Water in the Tangjiashan lake is rising two metres every day and by yesterday it was only 23 metres from the lowest level of the barrier, the paper said, citing Cai Qihua, a local water management official.

The lake is holding enough water to fill 50,000 Olympic-size swimming pools, and if all of it comes gushing out, millions of people could be at risk.

More than 600 engineers and soldiers were at the lake working non-stop to dig a diversion channel, but they would not be able to complete the task until June 5.

Up to 1.3 million people will have to be relocated if the lake barrier is breached and officials have already started preparing for that contingency.

The village of Tianlin, among the first to be flooded if the barrier bursts, was one of several communities holding evacuation drills.

People went through the village banging gongs and speaking into loudspeakers, directing the 680 residents to seek higher ground in 20 minutes -- the time they will have to save themselves in the worst case.

The May 12 earthquake, which measured 8.0 on the Richter scale, flattened entire towns and villages across an area of mountainous Sichuan province the size of South Korea.

The death toll from the disaster has reached 67,183, with another 20,790 people missing, a government spokesman said yesterday.

Hospitals and clinics were destroyed along with so much else across Sichuan province in the quake, leaving acute shortages of staff and facilities.
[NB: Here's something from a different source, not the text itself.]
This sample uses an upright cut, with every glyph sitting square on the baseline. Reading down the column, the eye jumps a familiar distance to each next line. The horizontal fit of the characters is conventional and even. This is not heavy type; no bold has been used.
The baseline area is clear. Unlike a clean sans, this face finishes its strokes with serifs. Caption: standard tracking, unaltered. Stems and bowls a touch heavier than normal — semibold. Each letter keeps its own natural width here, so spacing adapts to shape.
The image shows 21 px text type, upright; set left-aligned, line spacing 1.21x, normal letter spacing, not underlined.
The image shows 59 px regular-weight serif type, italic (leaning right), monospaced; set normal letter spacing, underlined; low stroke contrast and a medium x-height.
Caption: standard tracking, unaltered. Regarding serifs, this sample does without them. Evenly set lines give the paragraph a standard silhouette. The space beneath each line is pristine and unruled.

In the immediate aftermath, medical services have focused on treating crushed and broken bones, amputated limbs and on preventing disease outbreaks.

Experts warn that mental trauma could be a hidden toll for many survivors.
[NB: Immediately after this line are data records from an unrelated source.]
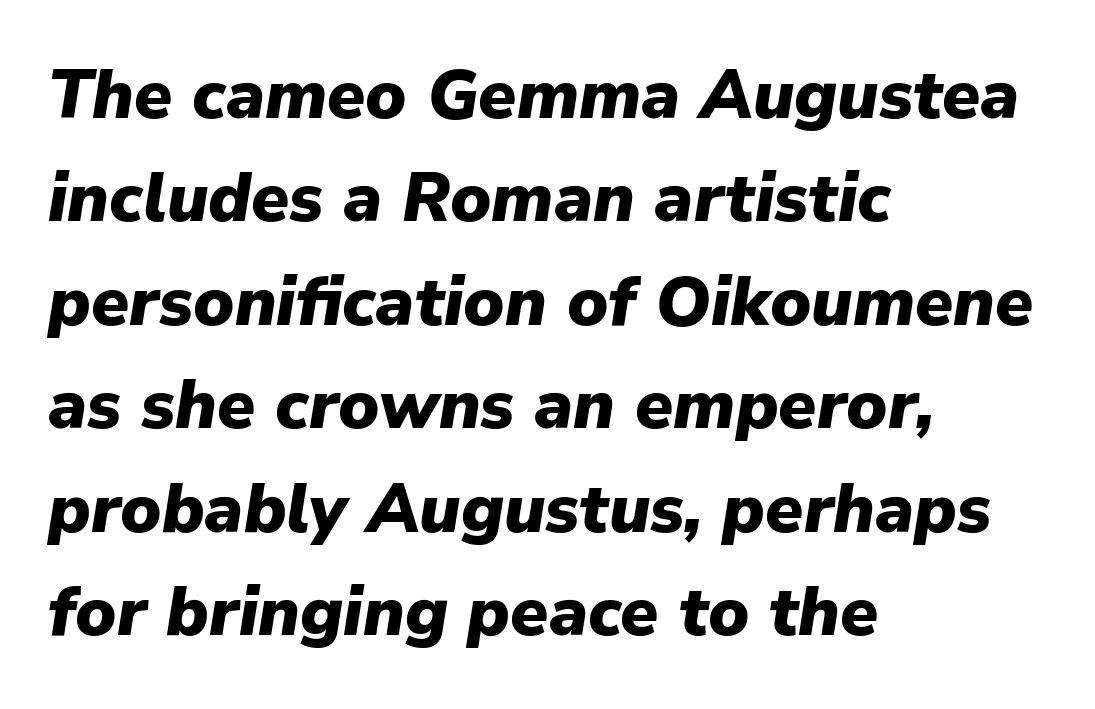
The image shows 69 px heavy type, italic (leaning right); set left-aligned, normal line spacing (1.5x), normal letter spacing, not underlined; low stroke contrast and a medium x-height.
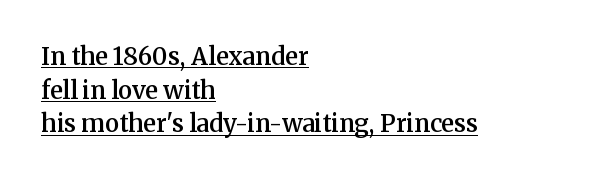
The strokes are fattened partway — semibold, not bold. Nope, not italic — everything's standing straight. Line starts are locked; line ends wander. The passage shown has conventional tracking throughout. These lines sit exactly where default settings would place them. This sample carries an underscore along the baseline area.
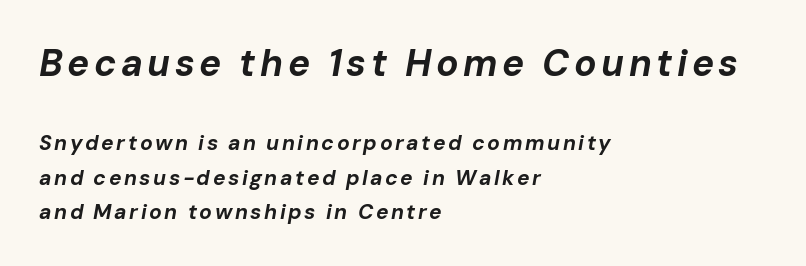
{"italic": "yes", "lean": "right", "slant_degrees": 10, "bold": "yes", "weight": "bold", "width": "normal", "stroke_contrast": "low", "x_height": "medium", "monospaced": "no", "underline": "no", "align": "left", "line_spacing": "normal", "line_spacing_ratio": 1.64, "larger_block": "first", "size_ratio": 1.76, "glyph_px": 37}

The government says the quake may have killed more than 80,000 people, leaving many more to deal with the deaths of loved ones.

Millions have had their homes shattered and their lives thrown into turmoil. No government estimate of people needing psychological help has been released, although the state-run Legal
Daily newspaper quoted an expert as saying they could number as high as 600,000.

Teams of psychologists, psychiatrists and volunteer counsellors have gone to the hardest-hit areas, where mental health professionals have been swamped.

"China has been struggling to help thousands of people distressed and traumatised in the unprecedented earthquake that ravaged many parts of Sichuan," the official Xinhua News Agency said last week.

Many volunteers and experts have rushed to quake zones but psychologists are still in great demand.

In the past, there has been a social stigma attached to mental illness in China. Increasingly fast-paced - and stressful - lifestyles stemming from two decades of economic success have forced a greater awareness of the problem.

Xinhua reported last year that there were 16 million mental patients in the country but services at the grass roots level were still lacking, and public awareness was minimal.

Health officials have said that by of the end of 2006, there were only 1,124 mental institutions, with 146,000 beds and 19,000 psychiatrists or assistant psychiatrists.

Hospitals left standing by the quake have been overrun with serious injuries.

The government has rushed more than 10,000 doctors or nurses to the area and a dozen field hospitals have been erected, Health Ministry spokesman Sun Jiahai said yesterday in Beijing.
Signs of mental and emotional strain are widespread.

Relatives, weeping inconsolably, fall to the ground in front of plastic-wrapped bodies of sons and daughters killed in a school collapse in Hanwang.